To output the numpy array to a raster (e.g. a geotiff), you need to make use of the gdal python bindings.
Irregularly gridded points
Often, your data won’t be regularly spaced. Now you need to consider methods specifically dealing with this, including the conversion of your points to regularly gridded data, which will require averaging or some sort of function. What if multiple points fall within the area of a raster cell?
R Code
Using R, irregular points can be converted to a grid using raster’s rasterize
function.
library(raster)
library(sp)
f<-"/your/path/irregular_points.xyz"
pts <- read.table(f, header=FALSE, col.names=c("x", "y", "z")) # change accordingly - use read.csv for a csv!

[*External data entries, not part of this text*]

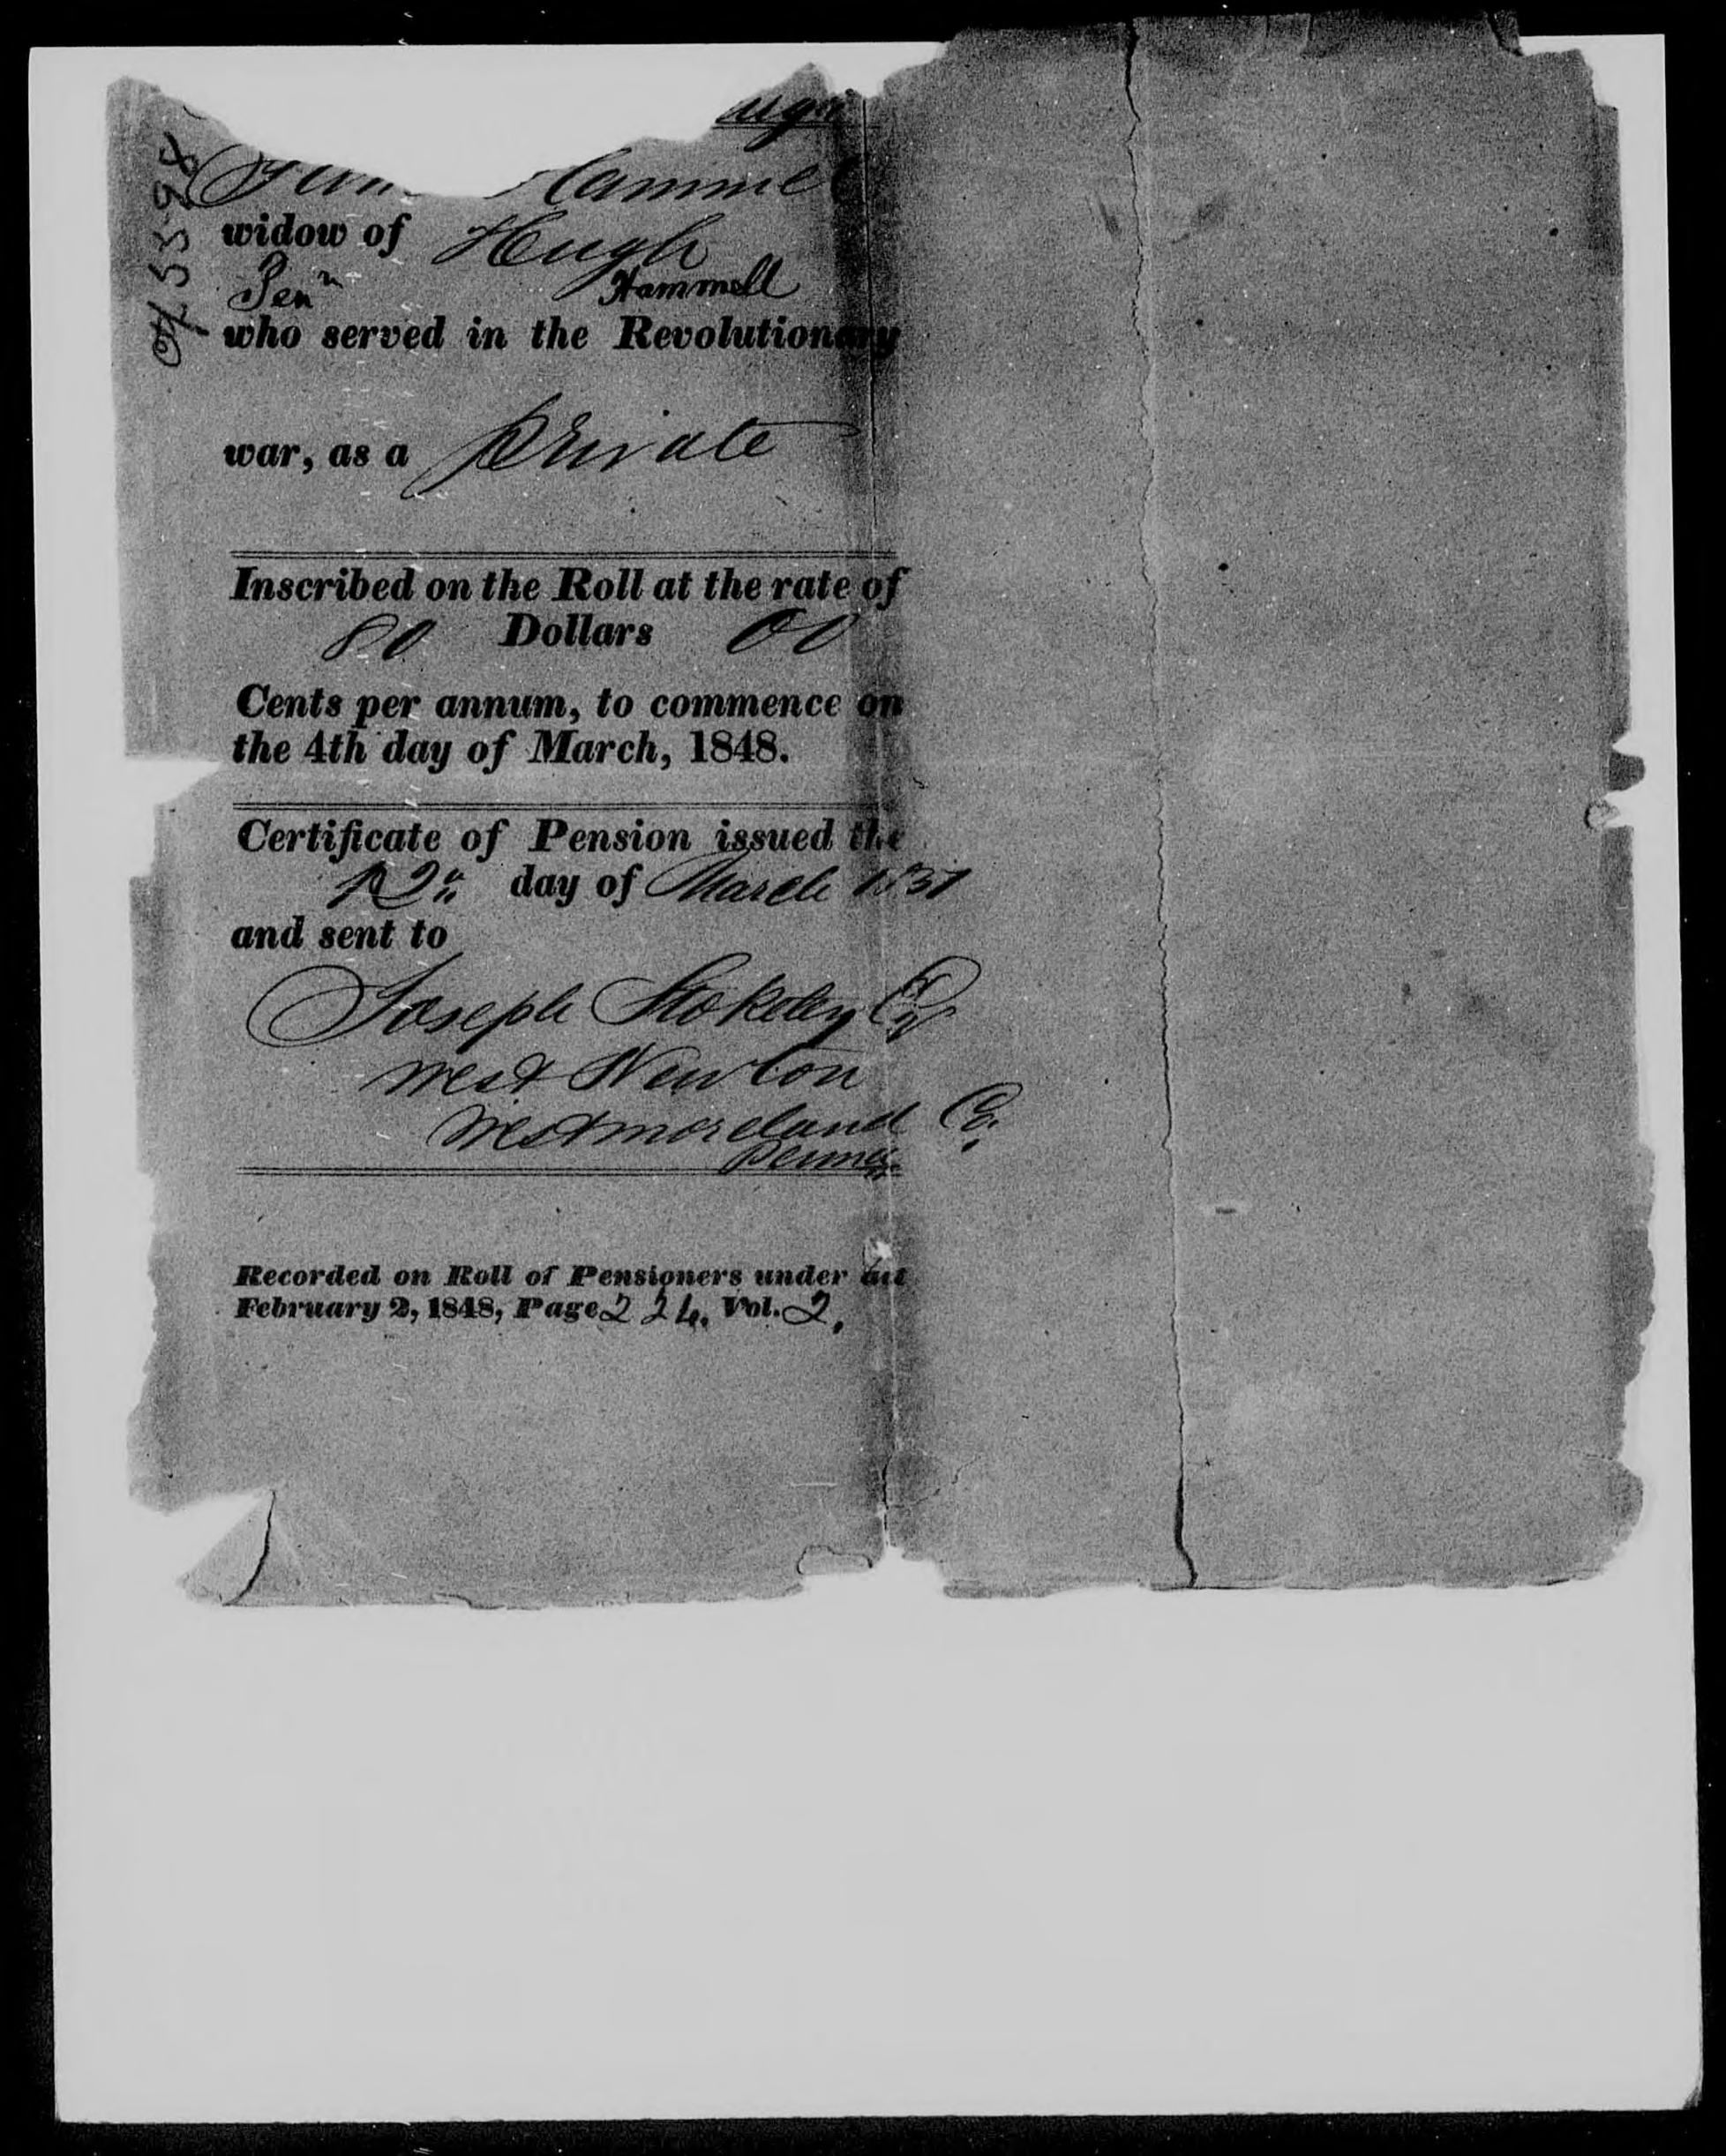(Document damaged and torn on all sides)

______________
widow of Hugh Hammel who served in the Revolutionary war, as a private.

Inscribed on the Roll at the rate of 80 dollars 00 cents on the 4th day of March,1848.

Certificate of Pension issued the ____ day of March 1837 and sent to Joseph Stokeley  ____ West Newton Westmoreland County Penna.

Recorded on Roll of Pensioners on February 2, 1848 Page 224 Vol. 2

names: Jane Hammel, Joseph Stokeley, Hugh Hammell
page: 3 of 92
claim: widow's
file: W 1173, Robert Hamill, Penn.

# create a SpatialPointsDataFrame
coordinates(pts) = ~x+y
# create an empty raster object to the extent of the points
rast <- raster(ext=extent(pts), resolution=250)
# rasterize your irregular points
rasOut<-rasterize(pts, rast, pts$z, fun = mean) # we use a mean function here to regularly grid the irregular input points
#write it out as a geotiff
fout="my_raster.tif"
writeRaster(rasOut, fout, format="GTiff")
Python equivalent…
The equivalent in python can again be achieved using numpy a fantastic overview of the process again available here from Joe Kington. To summarize, irregular points can be binned onto a grid through use of numpy’s histogram function:
import numpy as np
import matplotlib.pyplot as plt
# Make some random data
np.random.seed(1977)
x, y, z = np.random.random((3, 50))
# Bin the data onto a 10x10 grid
# Have to reverse x & y due to row-first indexing
zi, yi, xi = np.histogram2d(y, x, bins=(10,10), weights=z, normed=False)
counts, _, _ = np.histogram2d(y, x, bins=(10,10))
zi = zi / counts
zi = np.ma.masked_invalid(zi)
#plot it
fig, ax = plt.subplots()
ax.pcolormesh(xi, yi, zi, edgecolors='black')
scat = ax.scatter(x, y, c=z, s=200)
fig.colorbar(scat)
ax.margins(0.05)
plt.show()
Which looks like this:
Again, to get this into a geotiff, have a look at the gdal python bindings.